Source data
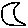
Label: moon
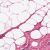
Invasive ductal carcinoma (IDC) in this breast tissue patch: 0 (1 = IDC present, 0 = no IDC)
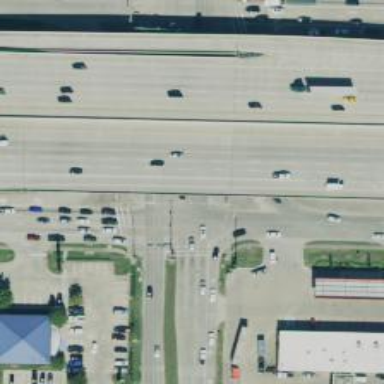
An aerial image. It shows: Frontage road connected to secondary link.
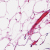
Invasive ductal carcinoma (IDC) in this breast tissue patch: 0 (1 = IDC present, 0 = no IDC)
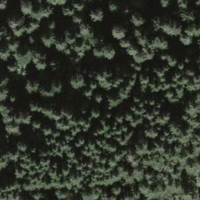
EUNIS habitat code: 43
Species observed at this site:
Sanicula europaea
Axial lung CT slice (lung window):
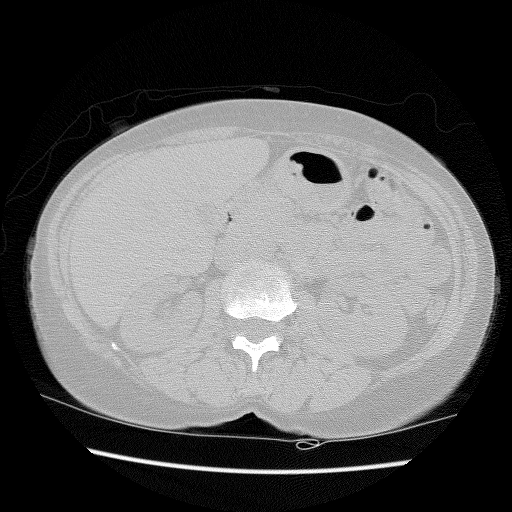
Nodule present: no
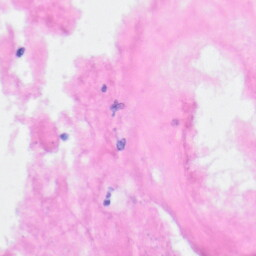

* PROBLEM TO SOLVE *
Every line from the one bearing "An aerial image." through the end of the data above must be output exactly, and no picture may appear.

* ANSWER SECTION *
An aerial image. It shows: Frontage road connected to secondary link.
Invasive ductal carcinoma (IDC) in this breast tissue patch: 0 (1 = IDC present, 0 = no IDC)
EUNIS habitat code: 43
Species observed at this site:
Sanicula europaea
Axial lung CT slice (lung window):
Nodule present: no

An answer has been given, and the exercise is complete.